■ EXERCISE OBJECTIVE
Each entry that follows is to be duplicated exactly, without its images.

■ STUDY MATERIAL
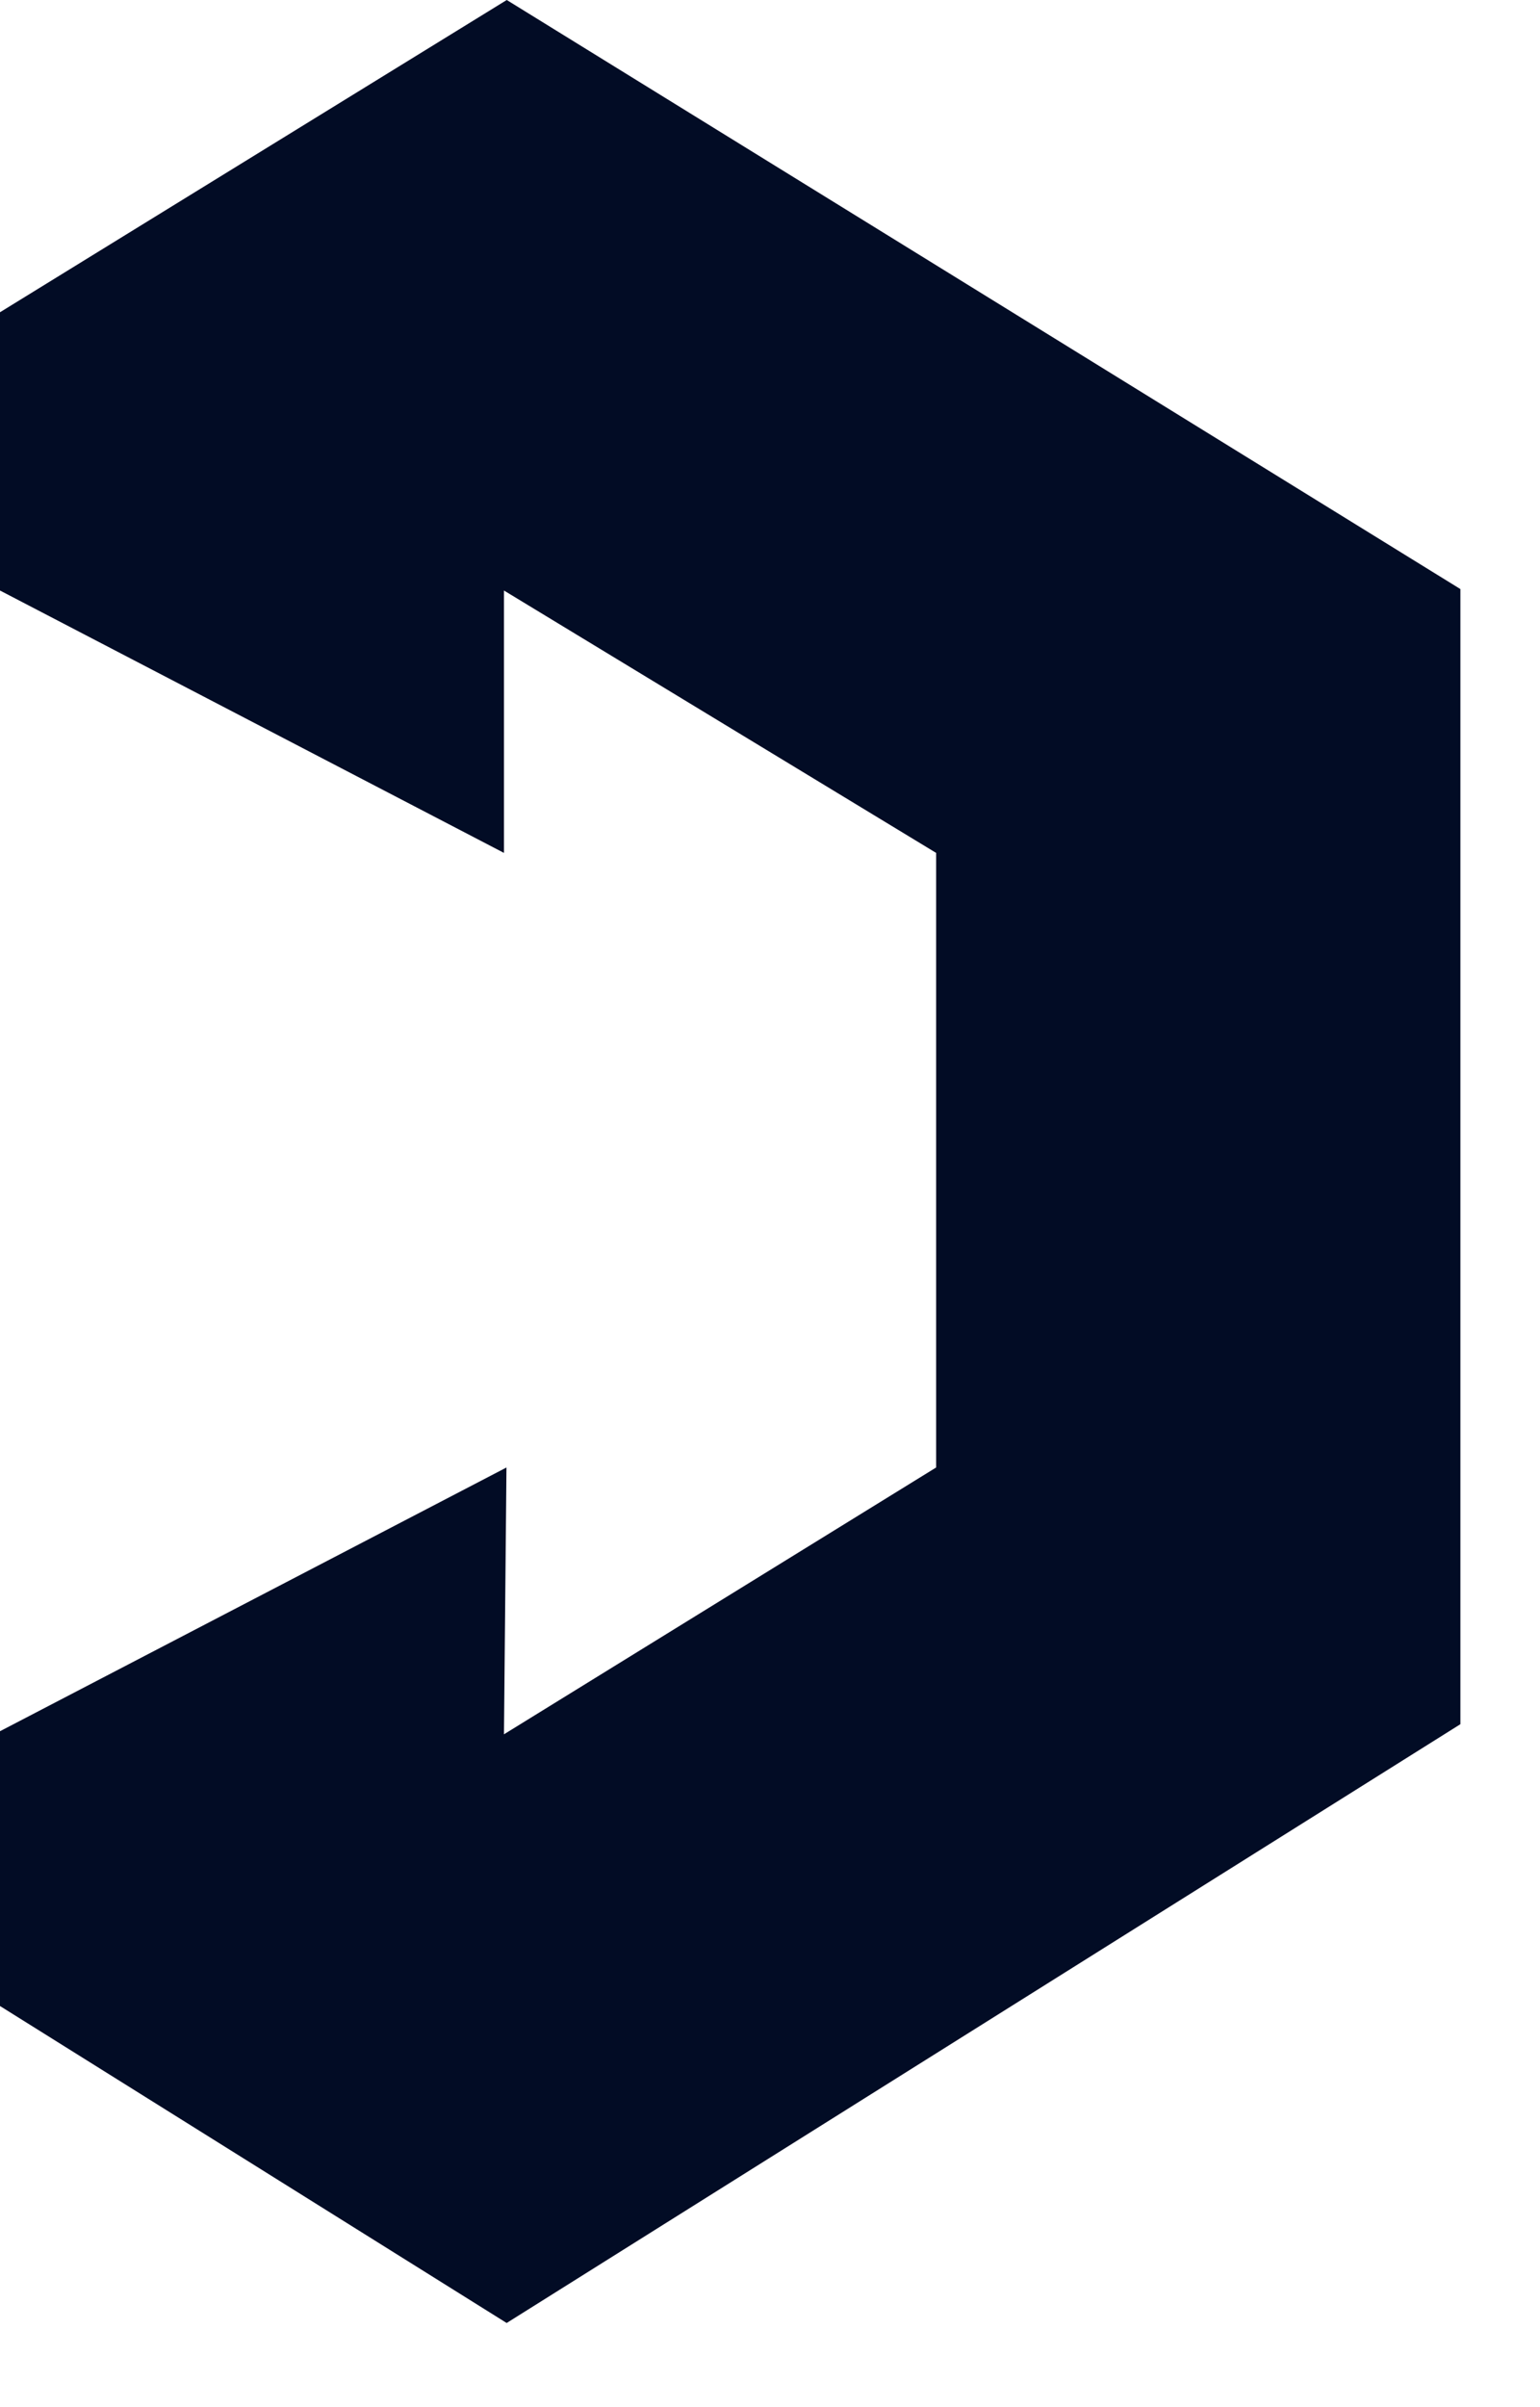 <?xml version="1.0" encoding="utf-8"?>
<svg xmlns="http://www.w3.org/2000/svg" fill="none" height="100%" overflow="visible" preserveAspectRatio="none" style="display: block;" viewBox="0 0 16 25" width="100%">
<path d="M0 17.98L5.262 15.241L5.236 18.012L9.726 15.241V8.858L5.236 6.133L5.236 8.858L0 6.133V3.243L5.265 0L15.173 6.118V17.907L5.264 24.126L0 20.834V17.98Z" fill="#020C25" id="Vector 5"/>
</svg>
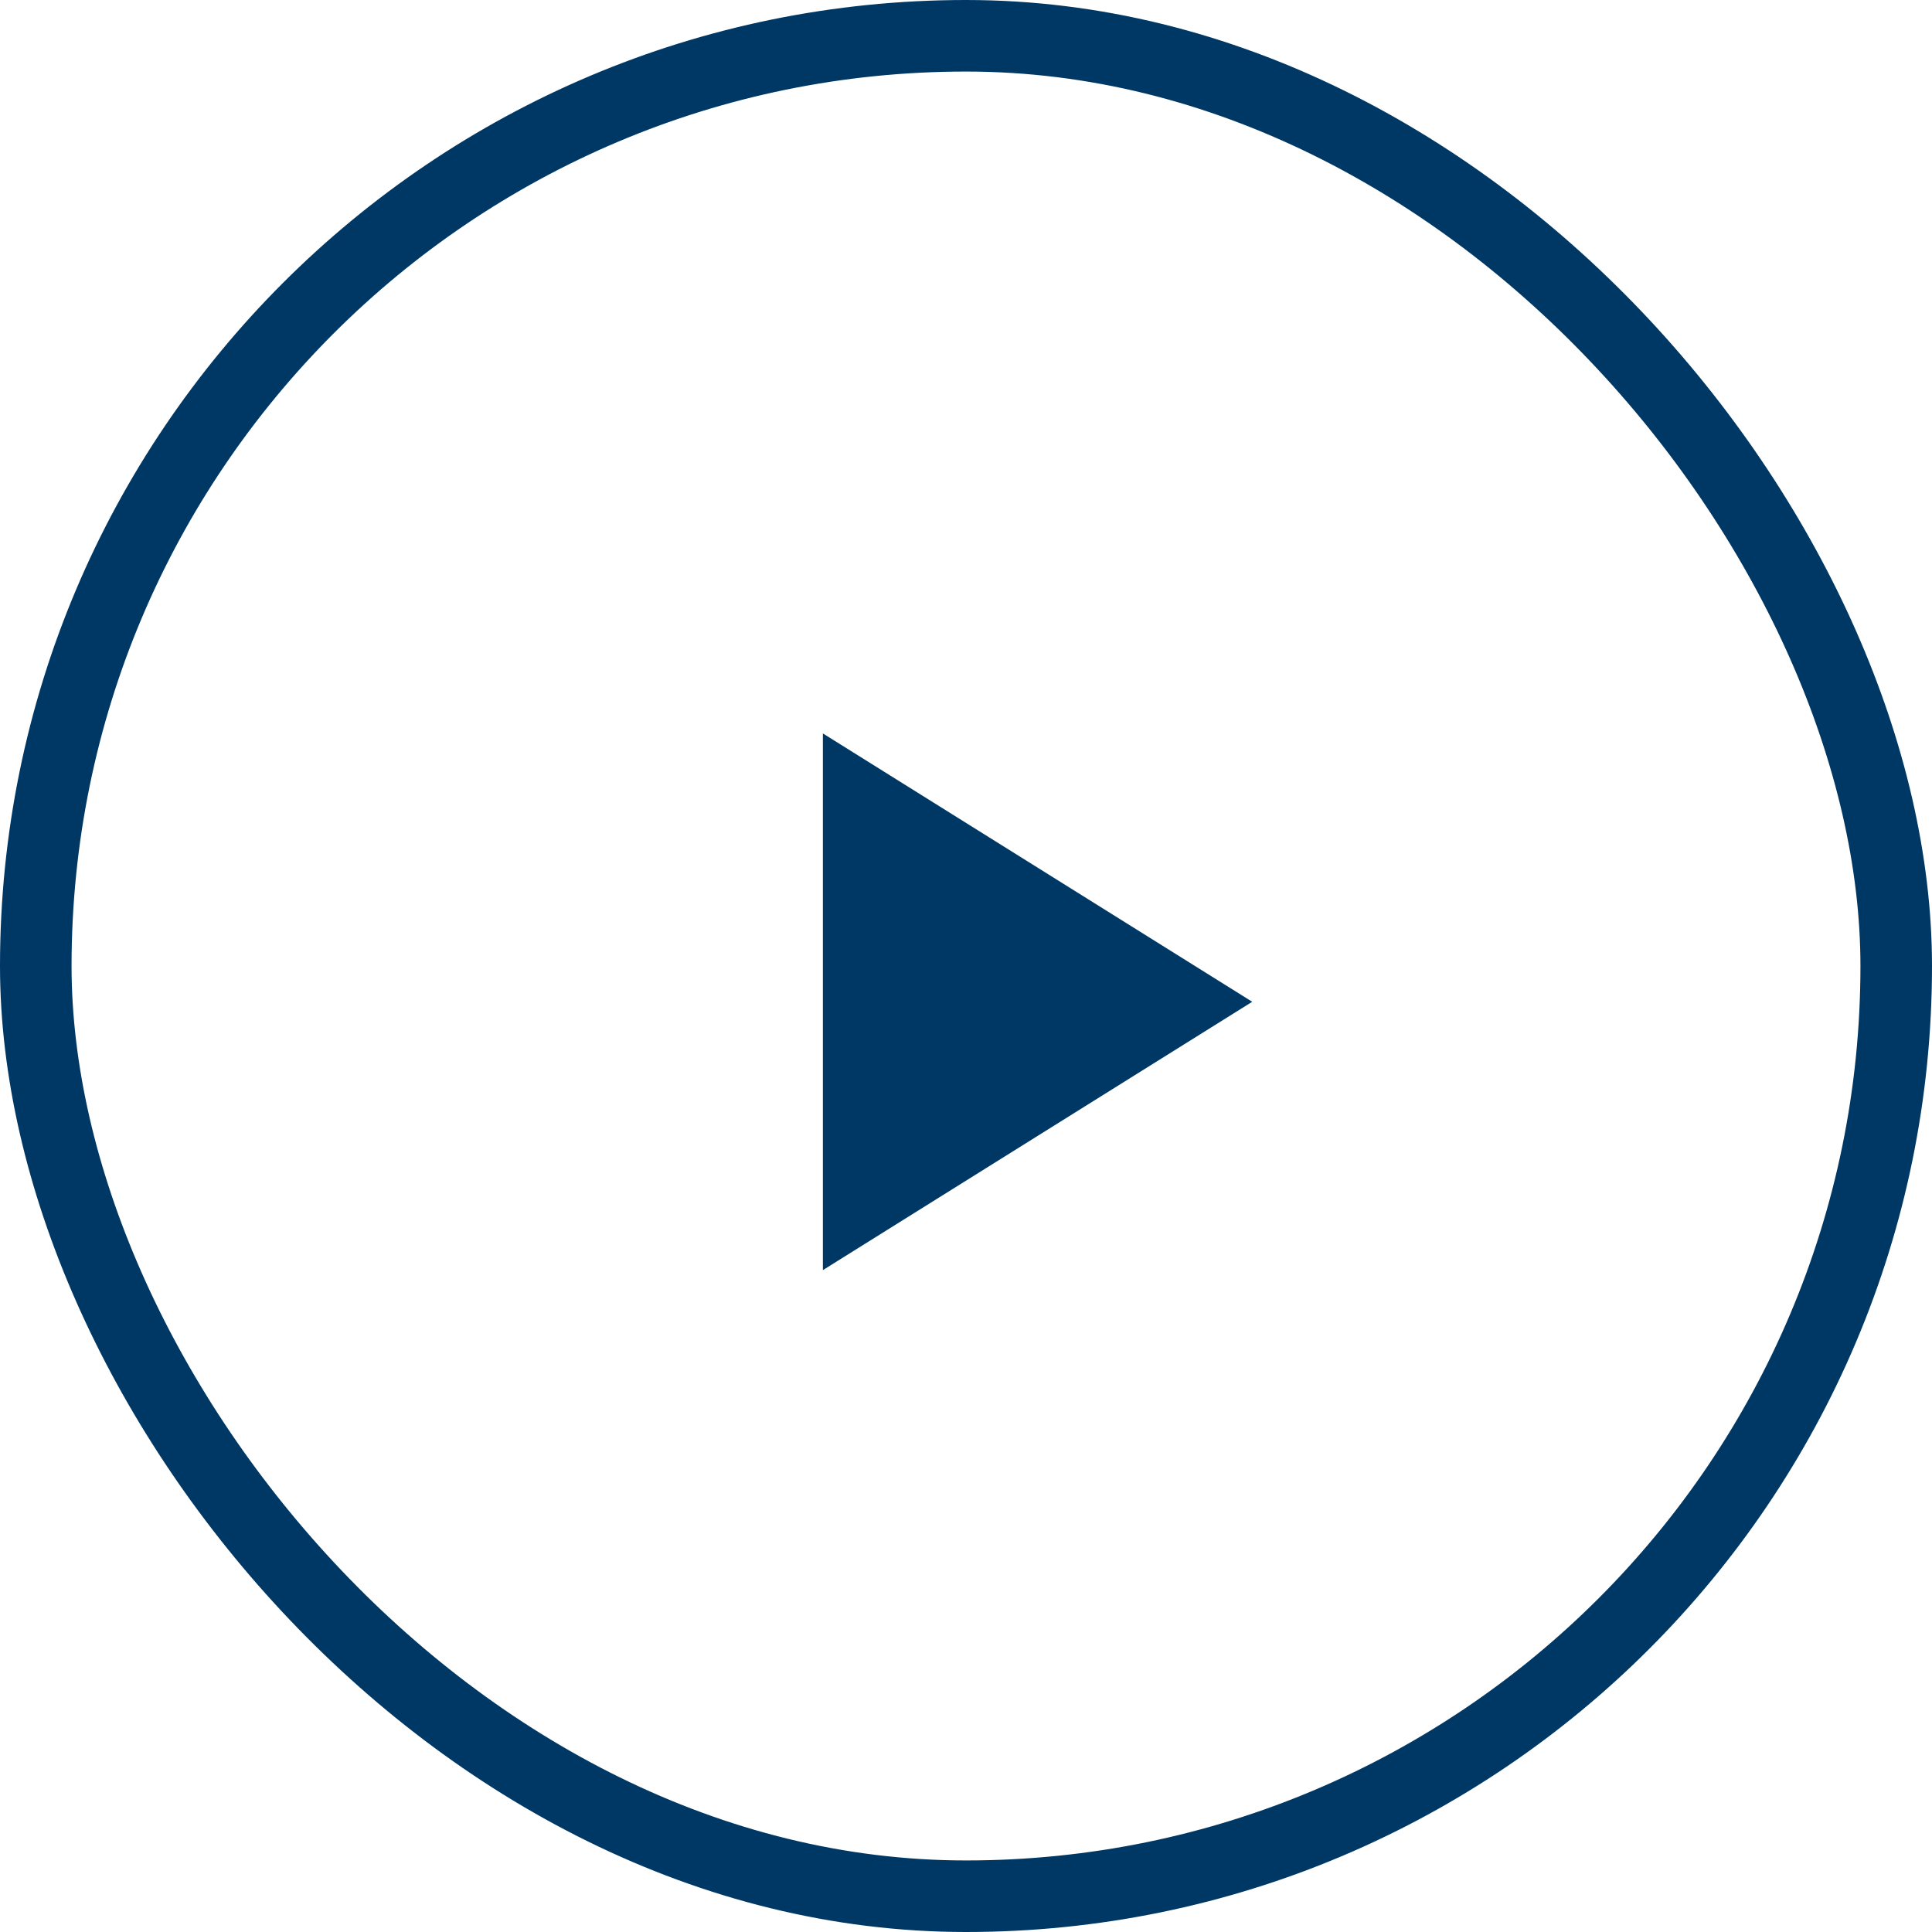 <?xml version="1.0" encoding="UTF-8"?>
<svg width="54px" height="54px" viewBox="0 0 54 54" version="1.1" xmlns="http://www.w3.org/2000/svg" xmlns:xlink="http://www.w3.org/1999/xlink">
    <title>Go_To_Arrow_White</title>
    <defs>
        <filter color-interpolation-filters="auto" id="filter-1">
            <feColorMatrix in="SourceGraphic" type="matrix" values="0 0 0 0 1 0 0 0 0 1 0 0 0 0 1 0 0 0 1 0"></feColorMatrix>
        </filter>
    </defs>
    <g id="Landing-Pages" stroke="none" stroke-width="1" fill="none" fill-rule="evenodd">
        <g id="Go_To_Arrow_White" transform="translate(-444, -4218)" filter="url(#filter-1)">
            <g transform="translate(471, 4245) rotate(-360) translate(-471, -4245) translate(445, 4219)">
                <rect id="BG-Copy" stroke="#003865" stroke-width="2" x="0" y="0" width="52" height="52" rx="26"></rect>
                <polygon id="Triangle" fill="#003865" transform="translate(28, 27) rotate(-270) translate(-28, -27) " points="28 21 35.5 33 20.5 33"></polygon>
            </g>
        </g>
    </g>
</svg>

■ REPLY
 <?xml version="1.0" encoding="utf-8"?>
<svg xmlns="http://www.w3.org/2000/svg" fill="none" height="100%" overflow="visible" preserveAspectRatio="none" style="display: block;" viewBox="0 0 16 25" width="100%">
<path d="M0 17.98L5.262 15.241L5.236 18.012L9.726 15.241V8.858L5.236 6.133L5.236 8.858L0 6.133V3.243L5.265 0L15.173 6.118V17.907L5.264 24.126L0 20.834V17.98Z" fill="#020C25" id="Vector 5"/>
</svg>
 <?xml version="1.0" encoding="UTF-8"?>
<svg width="54px" height="54px" viewBox="0 0 54 54" version="1.1" xmlns="http://www.w3.org/2000/svg" xmlns:xlink="http://www.w3.org/1999/xlink">
    <title>Go_To_Arrow_White</title>
    <defs>
        <filter color-interpolation-filters="auto" id="filter-1">
            <feColorMatrix in="SourceGraphic" type="matrix" values="0 0 0 0 1 0 0 0 0 1 0 0 0 0 1 0 0 0 1 0"></feColorMatrix>
        </filter>
    </defs>
    <g id="Landing-Pages" stroke="none" stroke-width="1" fill="none" fill-rule="evenodd">
        <g id="Go_To_Arrow_White" transform="translate(-444, -4218)" filter="url(#filter-1)">
            <g transform="translate(471, 4245) rotate(-360) translate(-471, -4245) translate(445, 4219)">
                <rect id="BG-Copy" stroke="#003865" stroke-width="2" x="0" y="0" width="52" height="52" rx="26"></rect>
                <polygon id="Triangle" fill="#003865" transform="translate(28, 27) rotate(-270) translate(-28, -27) " points="28 21 35.5 33 20.5 33"></polygon>
            </g>
        </g>
    </g>
</svg>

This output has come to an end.